(SUPPLIED INFORMATION)

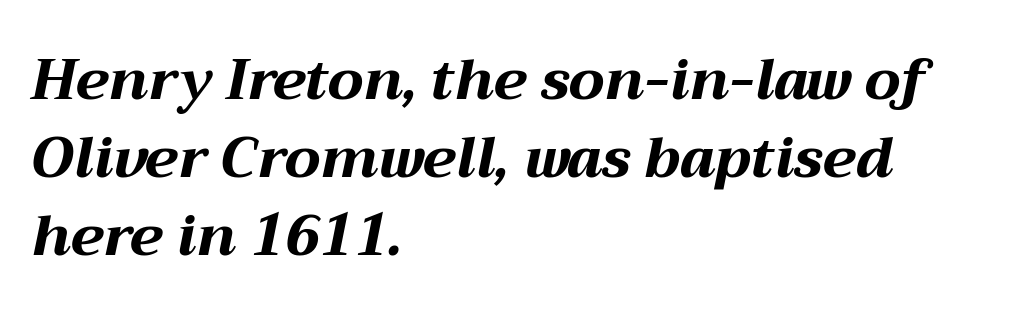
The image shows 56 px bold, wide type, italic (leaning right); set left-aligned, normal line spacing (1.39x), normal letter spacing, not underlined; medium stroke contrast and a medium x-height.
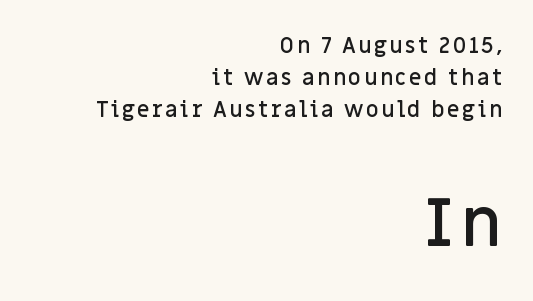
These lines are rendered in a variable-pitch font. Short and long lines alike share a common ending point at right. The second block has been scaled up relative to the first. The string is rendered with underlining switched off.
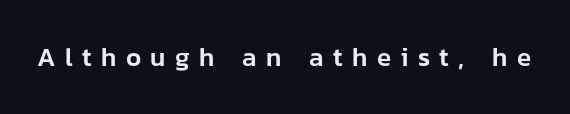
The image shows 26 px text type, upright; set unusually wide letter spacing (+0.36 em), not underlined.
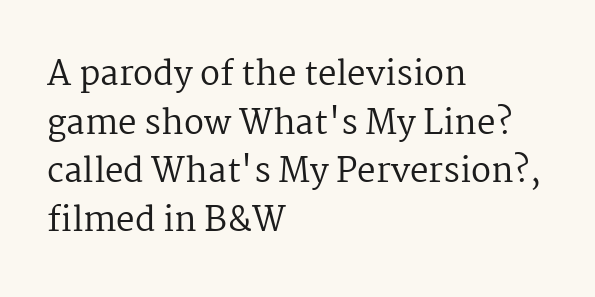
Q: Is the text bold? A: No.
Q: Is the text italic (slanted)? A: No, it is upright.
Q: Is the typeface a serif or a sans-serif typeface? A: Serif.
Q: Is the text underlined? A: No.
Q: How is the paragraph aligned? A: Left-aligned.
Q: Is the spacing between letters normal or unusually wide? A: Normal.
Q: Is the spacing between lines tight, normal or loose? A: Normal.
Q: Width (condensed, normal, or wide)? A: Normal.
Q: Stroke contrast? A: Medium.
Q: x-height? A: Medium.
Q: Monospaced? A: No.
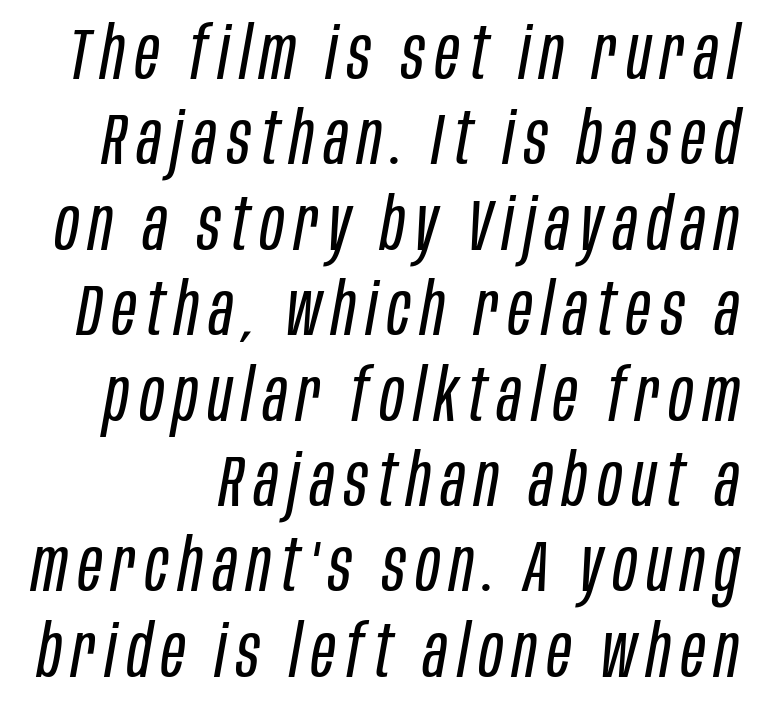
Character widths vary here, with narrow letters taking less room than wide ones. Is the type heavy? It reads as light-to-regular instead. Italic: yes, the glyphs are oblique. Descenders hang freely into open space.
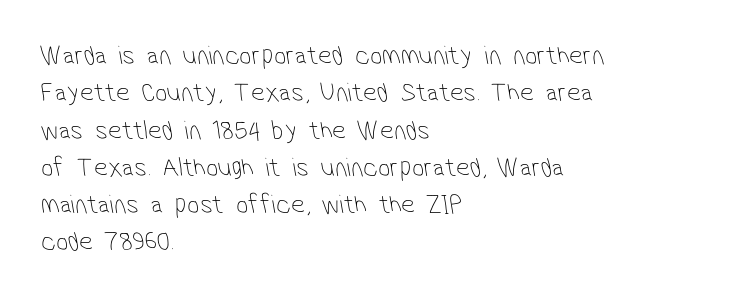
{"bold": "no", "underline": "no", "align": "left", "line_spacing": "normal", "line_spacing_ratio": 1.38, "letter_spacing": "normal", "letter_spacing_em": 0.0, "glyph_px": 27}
--
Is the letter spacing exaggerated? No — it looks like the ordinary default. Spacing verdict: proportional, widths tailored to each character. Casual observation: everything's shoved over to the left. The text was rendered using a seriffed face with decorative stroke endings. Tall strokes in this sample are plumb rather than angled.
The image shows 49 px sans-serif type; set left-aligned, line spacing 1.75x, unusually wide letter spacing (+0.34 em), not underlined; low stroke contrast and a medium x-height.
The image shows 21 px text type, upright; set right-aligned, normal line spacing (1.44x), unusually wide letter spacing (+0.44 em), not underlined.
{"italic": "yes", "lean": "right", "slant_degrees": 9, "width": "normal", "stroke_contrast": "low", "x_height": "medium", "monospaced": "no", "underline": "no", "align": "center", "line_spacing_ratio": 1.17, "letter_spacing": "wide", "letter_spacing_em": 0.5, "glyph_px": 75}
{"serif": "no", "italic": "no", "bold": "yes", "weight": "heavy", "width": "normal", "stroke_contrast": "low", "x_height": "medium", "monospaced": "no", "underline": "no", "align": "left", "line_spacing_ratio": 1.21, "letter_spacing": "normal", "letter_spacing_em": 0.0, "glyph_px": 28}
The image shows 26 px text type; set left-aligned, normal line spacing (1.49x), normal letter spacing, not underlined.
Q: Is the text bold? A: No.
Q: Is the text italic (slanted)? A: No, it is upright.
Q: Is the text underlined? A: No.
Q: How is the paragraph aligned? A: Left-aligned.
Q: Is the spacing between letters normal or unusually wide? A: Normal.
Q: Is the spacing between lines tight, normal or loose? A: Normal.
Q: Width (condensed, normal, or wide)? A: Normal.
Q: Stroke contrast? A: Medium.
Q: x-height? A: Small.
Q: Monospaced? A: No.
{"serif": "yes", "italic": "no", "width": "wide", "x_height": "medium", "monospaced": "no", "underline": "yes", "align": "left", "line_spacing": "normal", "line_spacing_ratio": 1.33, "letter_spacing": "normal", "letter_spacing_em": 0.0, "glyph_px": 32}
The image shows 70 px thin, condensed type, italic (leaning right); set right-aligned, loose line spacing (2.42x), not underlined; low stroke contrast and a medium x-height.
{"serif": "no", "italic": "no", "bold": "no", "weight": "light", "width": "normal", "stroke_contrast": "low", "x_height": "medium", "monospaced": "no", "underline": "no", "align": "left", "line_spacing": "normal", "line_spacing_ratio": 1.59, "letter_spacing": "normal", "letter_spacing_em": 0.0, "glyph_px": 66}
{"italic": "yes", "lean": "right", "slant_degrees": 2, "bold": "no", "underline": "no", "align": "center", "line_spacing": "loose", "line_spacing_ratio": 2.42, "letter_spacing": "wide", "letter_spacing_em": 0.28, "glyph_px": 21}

(WHAT TO DO) Pictures in the material above should be skipped; print exactly the lines from the one with "The image shows 56" through the one with "Character widths vary".

(OUTPUT)
The image shows 56 px bold, wide type, italic (leaning right); set left-aligned, normal line spacing (1.39x), normal letter spacing, not underlined; medium stroke contrast and a medium x-height.
These lines are rendered in a variable-pitch font. Short and long lines alike share a common ending point at right. The second block has been scaled up relative to the first. The string is rendered with underlining switched off.
The image shows 26 px text type, upright; set unusually wide letter spacing (+0.36 em), not underlined.
Q: Is the text bold? A: No.
Q: Is the text italic (slanted)? A: No, it is upright.
Q: Is the typeface a serif or a sans-serif typeface? A: Serif.
Q: Is the text underlined? A: No.
Q: How is the paragraph aligned? A: Left-aligned.
Q: Is the spacing between letters normal or unusually wide? A: Normal.
Q: Is the spacing between lines tight, normal or loose? A: Normal.
Q: Width (condensed, normal, or wide)? A: Normal.
Q: Stroke contrast? A: Medium.
Q: x-height? A: Medium.
Q: Monospaced? A: No.
Character widths vary here, with narrow letters taking less room than wide ones. Is the type heavy? It reads as light-to-regular instead. Italic: yes, the glyphs are oblique. Descenders hang freely into open space.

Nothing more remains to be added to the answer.